Ce projet de loi est à l'image des déclarations contradictoires et peu claires du Gouvernement et du Président de la République.
L'article 1er pose les vertueux principes qui devraient encadrer la production, la commercialisation et la culture d'organismes génétiquement modifiés. Les autres dispositions visent à entériner la possibilité de mettre en place des cultures en plein champ, au prix des dommages inévitables qui en résulteront.
Dans le cadre du Grenelle de l'environnement, M. Borloo a joué l'apaisement sur le sujet des plantes transgéniques, en annonçant un gel de la commercialisation des semences d'OGM, tout en autorisant la poursuite des recherches en laboratoire. Le Président de la République a justifié l'activation de la clause de sauvegarde contre le maïs MON 810 en soulignant que ne pas prendre cette décision controversée eût été « choquant » au regard des orientations du Grenelle de l'environnement.
Pourtant, le président de la Fédération nationale des syndicats d'exploitants agricoles, la FNSEA, tout en se déclarant extrêmement surpris et choqué par la décision du Gouvernement, s'est trouvé rassuré après son entretien avec Nicolas Sarkozy.
La cour intrigue ; on ne sait plus très bien où l'on va. Une dépêche de l'Agence France-presse diffusée cet après-midi a encore semé le trouble : elle indique en effet que « c'est le service gouvernemental des affaires européennes, qui dépend de Matignon, qui invoquera à Bruxelles des ?mesures d'urgence?, et non pas la ?clause de sauvegarde?, comme cela avait été évoqué par les responsables gouvernementaux jusqu'à présent, pour interdire provisoirement la culture ou la vente d'un OGM autorisé dans l'Union européenne, comme c'est le cas du MON 810, en invoquant un risque pour la santé publique ou l'environnement ».
Je voudrais que les choses soient clarifiées. La Commission européenne ne va pas répondre tout de suite à la demande de la France. Le ministère de l'agriculture et de la pêche devrait prendre un arrêté interdisant la culture d'organismes génétiquement modifiés, mais les producteurs de maïs ont déjà annoncé leur intention d'attaquer ce texte, avant même sa parution. Dans un article paru dans Les Échos du 1er février 2008, Monsanto, à propos de la suspension de l'autorisation du maïs MON 810, dénonçait une décision susceptible de causer un préjudice grave et immédiat à l'entreprise ainsi qu'à tous les acteurs de la filière.

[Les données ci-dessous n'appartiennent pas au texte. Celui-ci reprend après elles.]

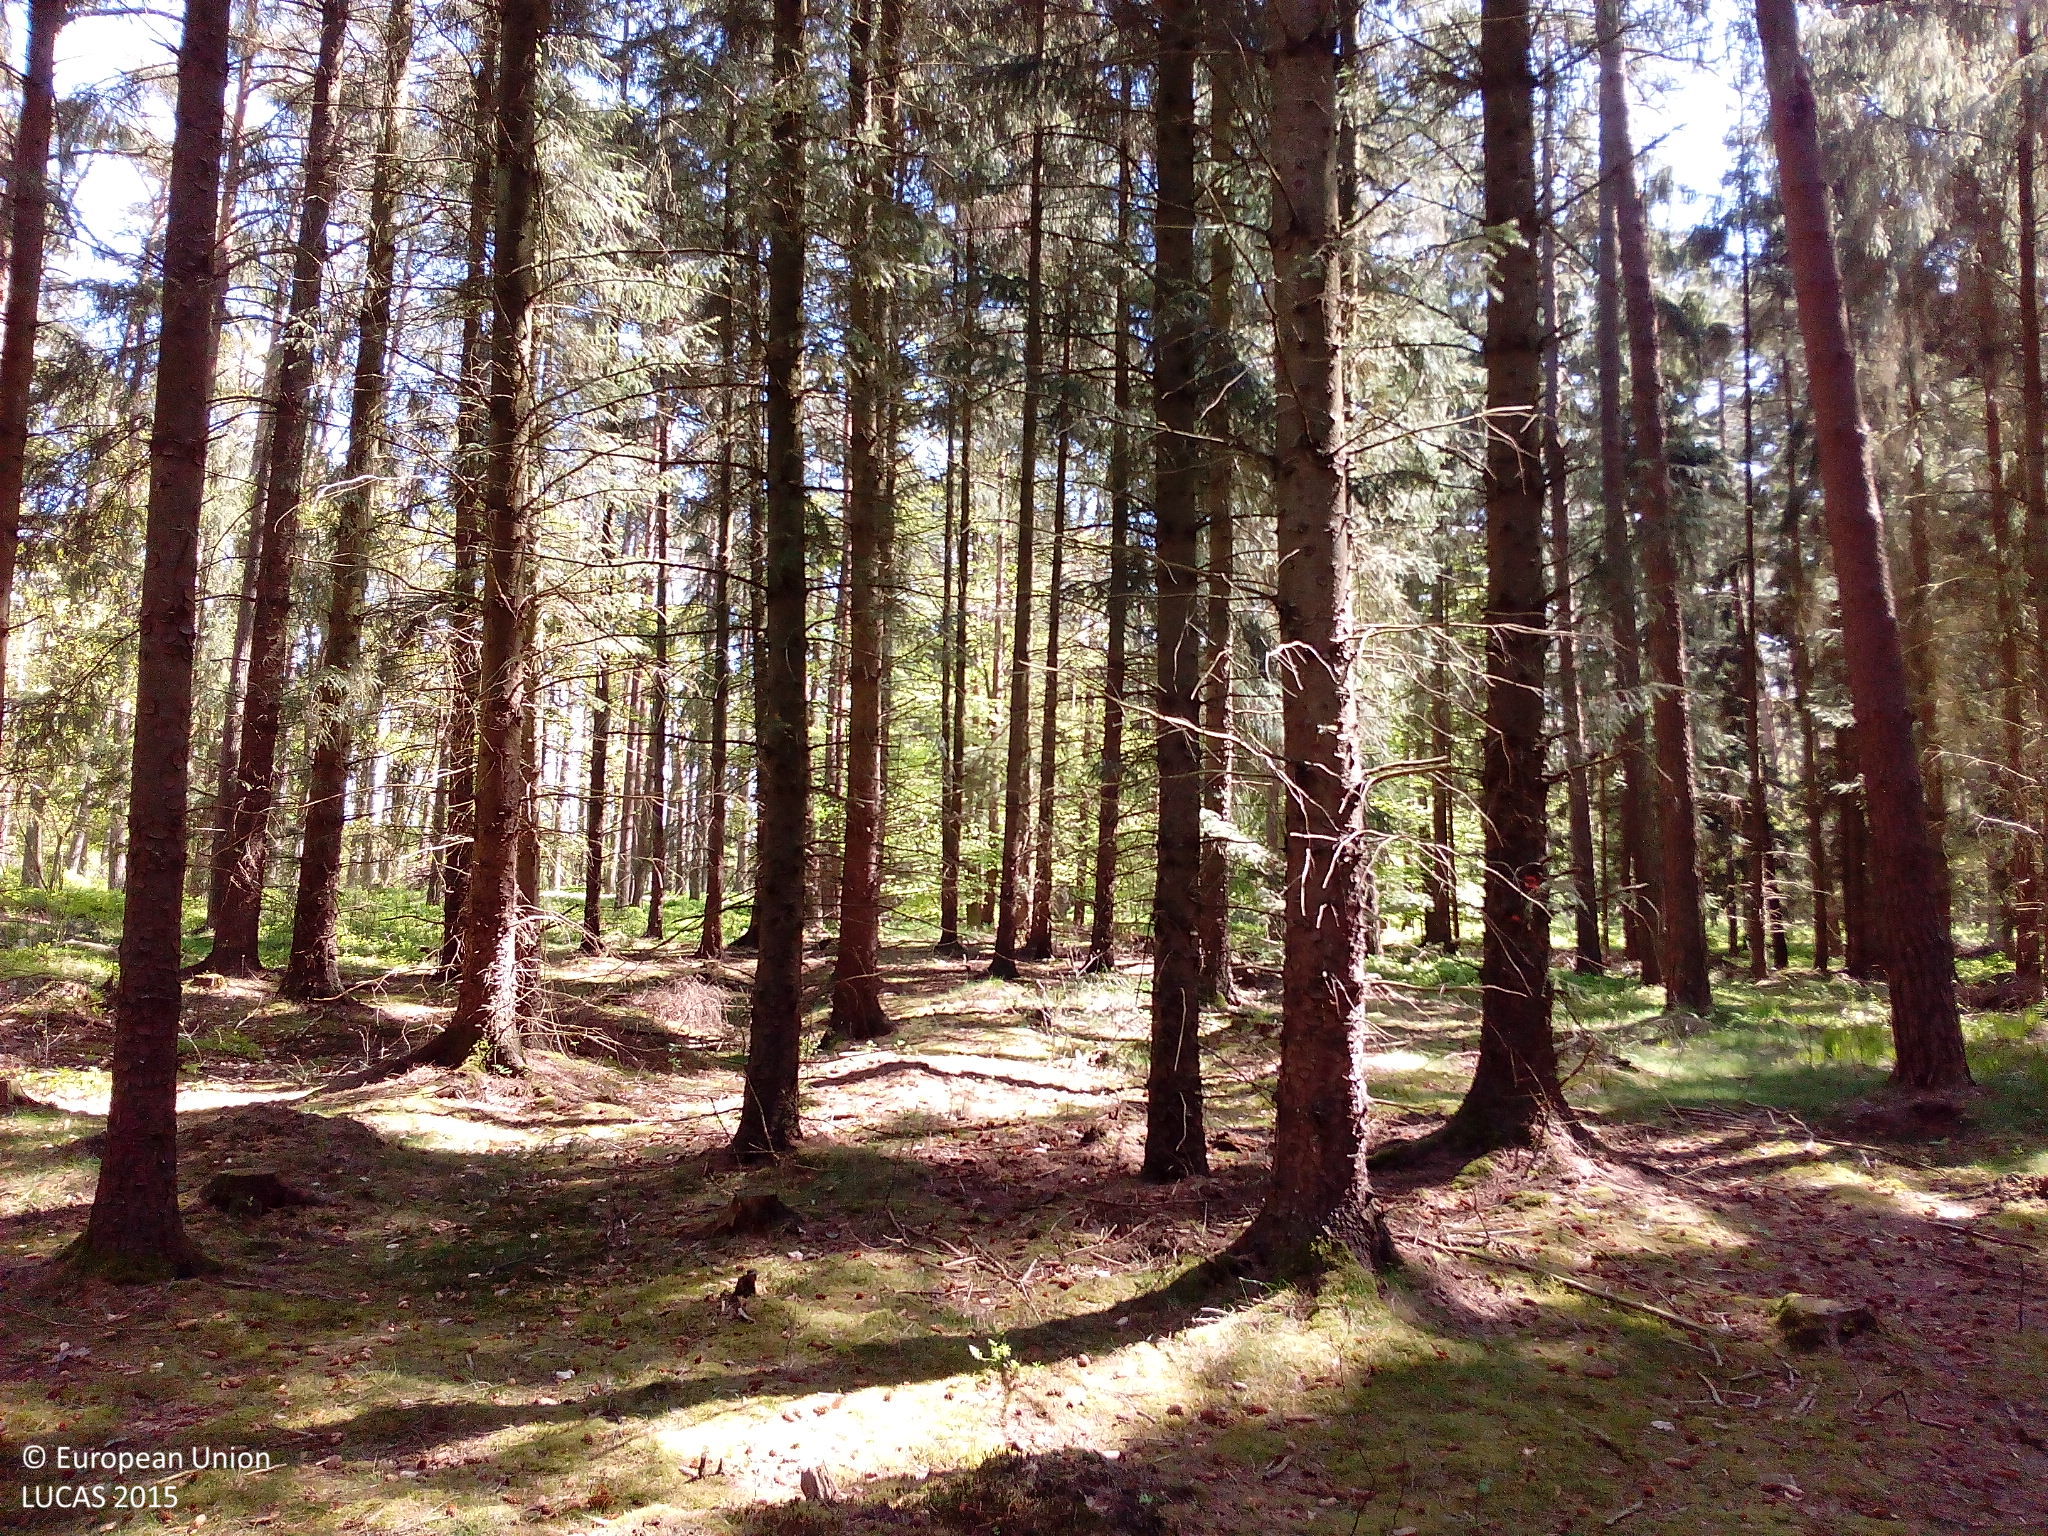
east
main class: Woodland
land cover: Other coniferous woodland
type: mesophytic deciduous forest
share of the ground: > 75 %
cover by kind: coniferous forest trees 75 %, broadleaved forest trees 20 %, lichens and mosses 5 %
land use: Forestry
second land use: Amenities, museums, leisure
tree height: > 5 m
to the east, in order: Other coniferous woodland; Pine dominated coniferous woodland; Other coniferous woodland
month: May
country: DE
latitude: 54.3624
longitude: 12.6306
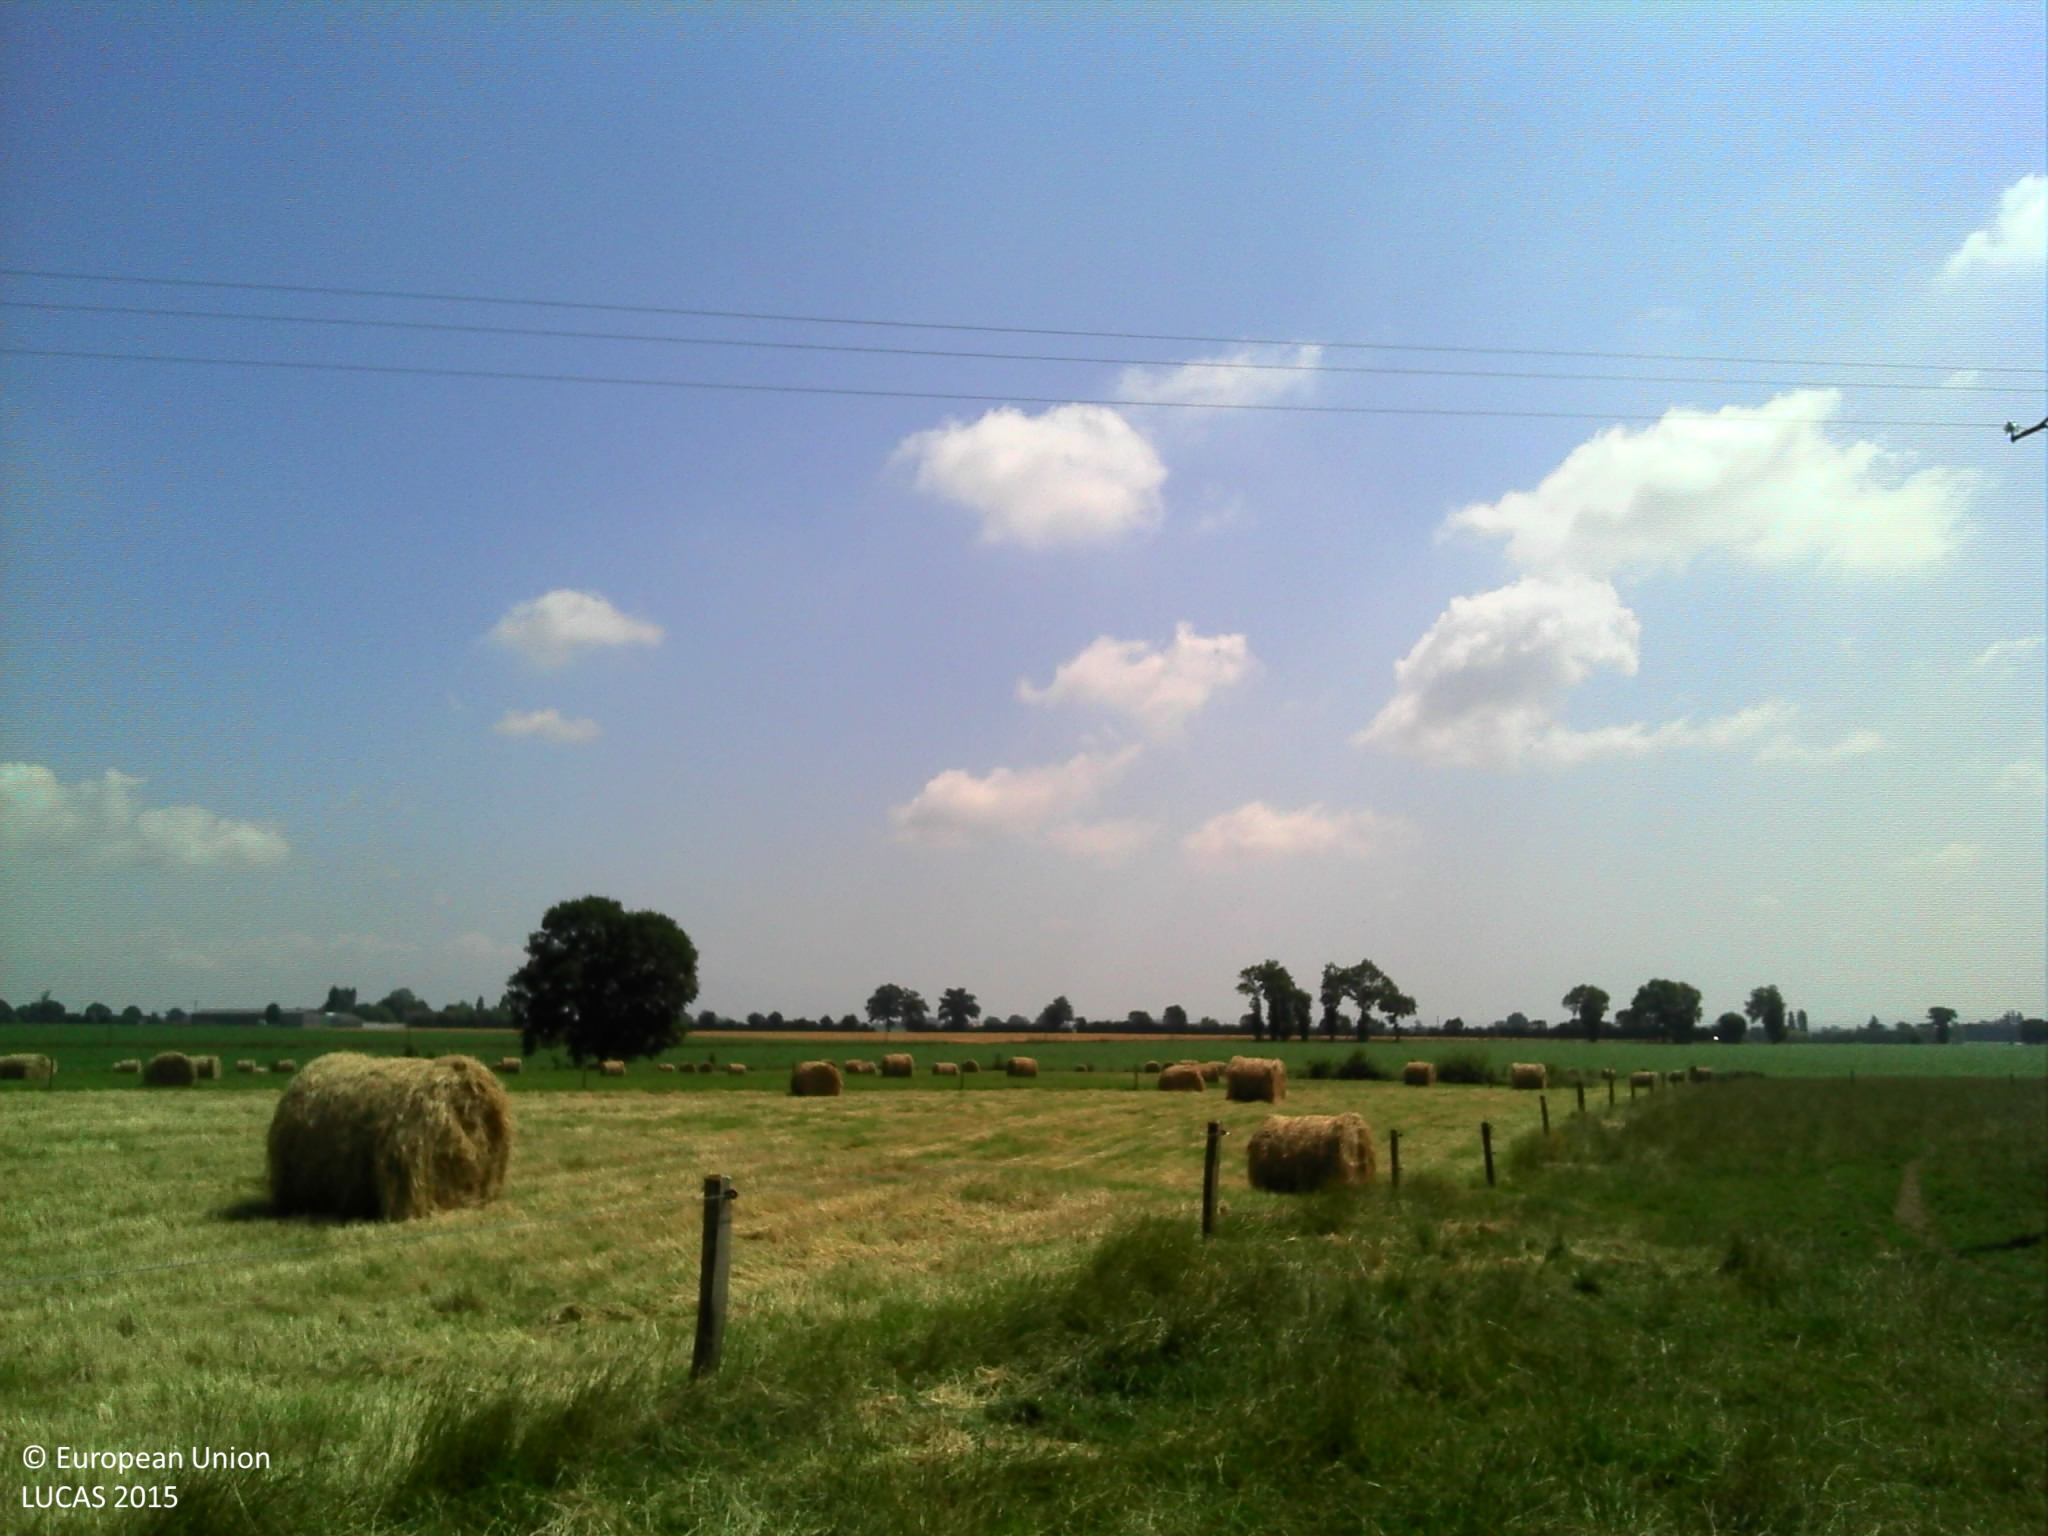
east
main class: Grassland
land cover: Grassland without tree/shrub cover
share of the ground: > 75 %
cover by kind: herbaceous plants 100 %
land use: Agriculture (excluding fallow land and kitchen gardens)
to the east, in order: Grassland without tree/shrub cover; Fences; Grassland without tree/shrub cover; Electric lines; Inland fresh water bodies; Grassland without tree/shrub cover; Fences; Ditches and canals; Maize
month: June
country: FR
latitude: 48.2448
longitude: 0.2646
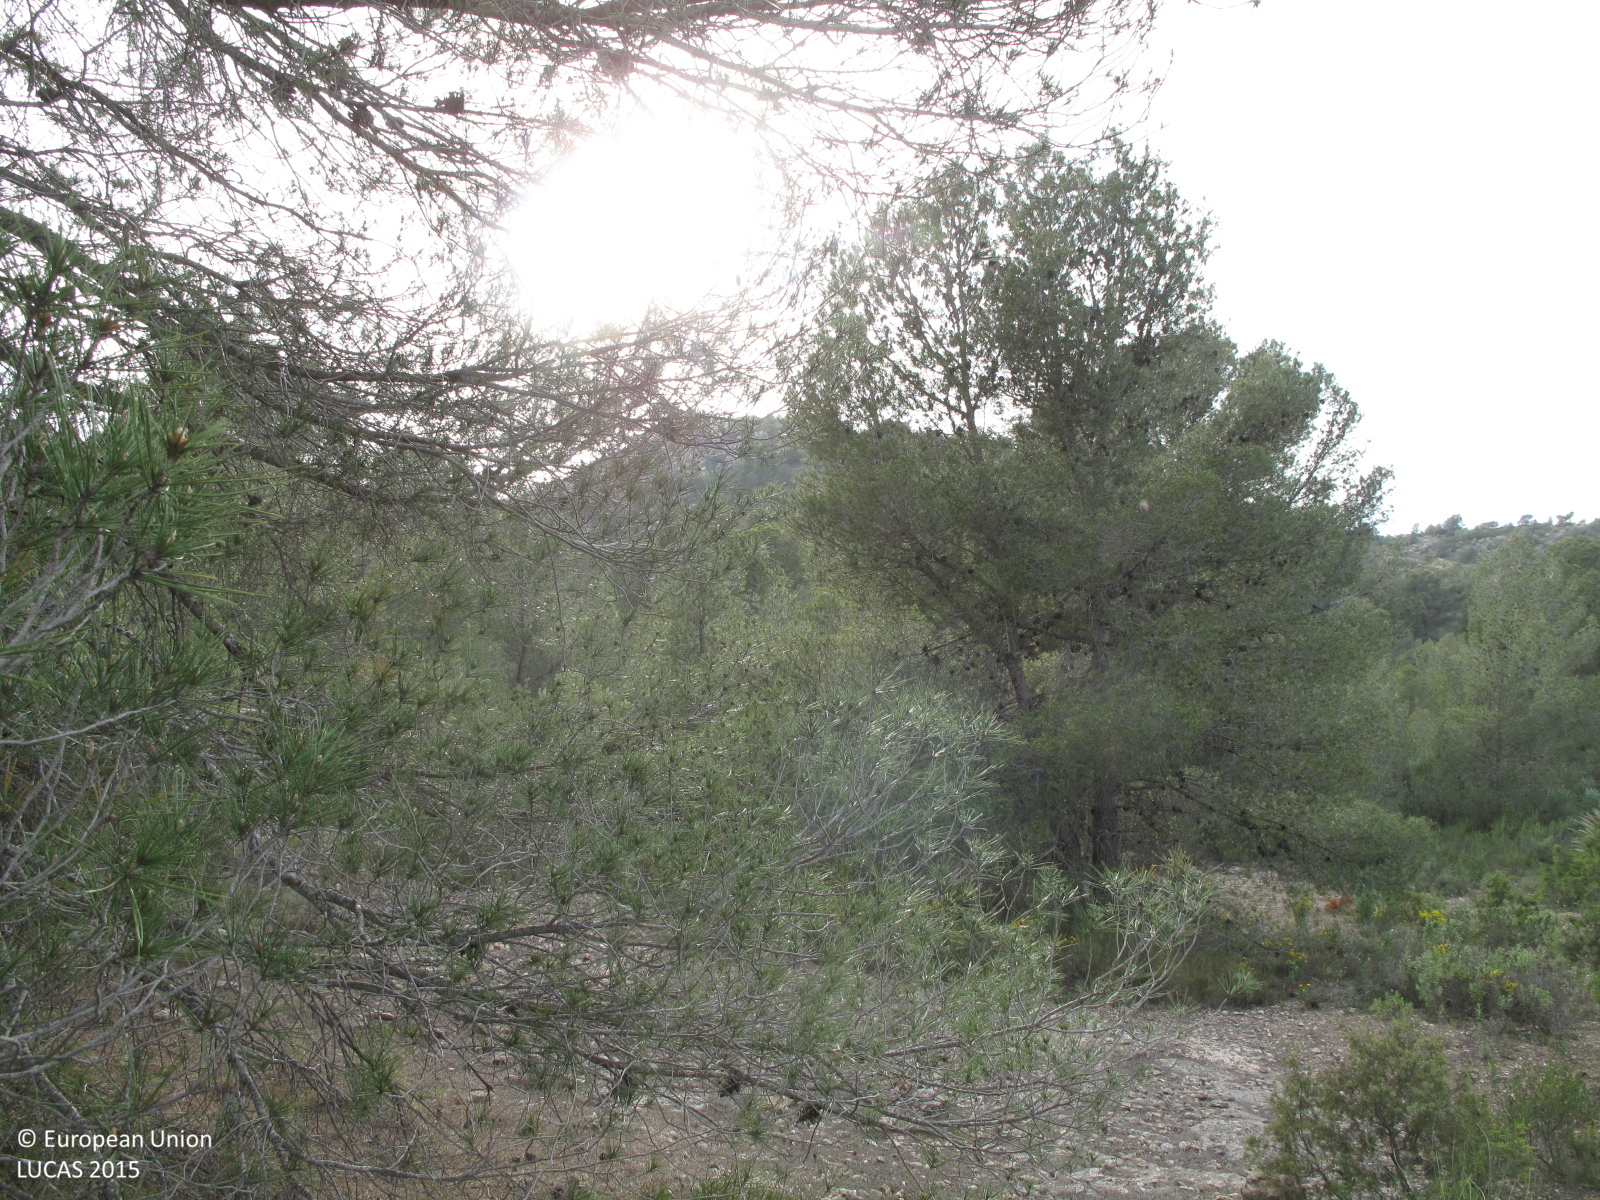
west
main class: Woodland
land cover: Pine dominated coniferous woodland
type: coniferous forest of the mediterranean region
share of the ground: 50 - 75 %
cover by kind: coniferous forest trees 50 %, consolidated bare surface 30 %, shrubs 10 %, herbaceous plants 10 %
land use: Semi-natural and natural areas not in use
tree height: > 5 m
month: April
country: ES
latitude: 38.4190
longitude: -0.8802

Mes questions sont simples : comment les pouvoirs publics peuvent-ils assurer que les producteurs de maïs respecteront l'interdiction que devrait poser le décret ? Que se passerait-il si le Conseil d'État décidait de suspendre l'application du décret à la suite de référés ? Êtes-vous en mesure, monsieur le ministre, de vous engager à faire respecter, dans l'attente de la décision européenne, cette interdiction ?
À moins que le Gouvernement ne choisisse de retirer sa clause de sauvegarde avant le 15 avril - époque des semis -, car tout indique dans le pays que le maïs MON 810 va être semé ! En effet, tout est prêt : les semences, un cadre juridique incertain, et la loi en cours d'élaboration qui sera votée avant cette date. Tout cela alimente des inquiétudes à mon avis tout à fait justifiées.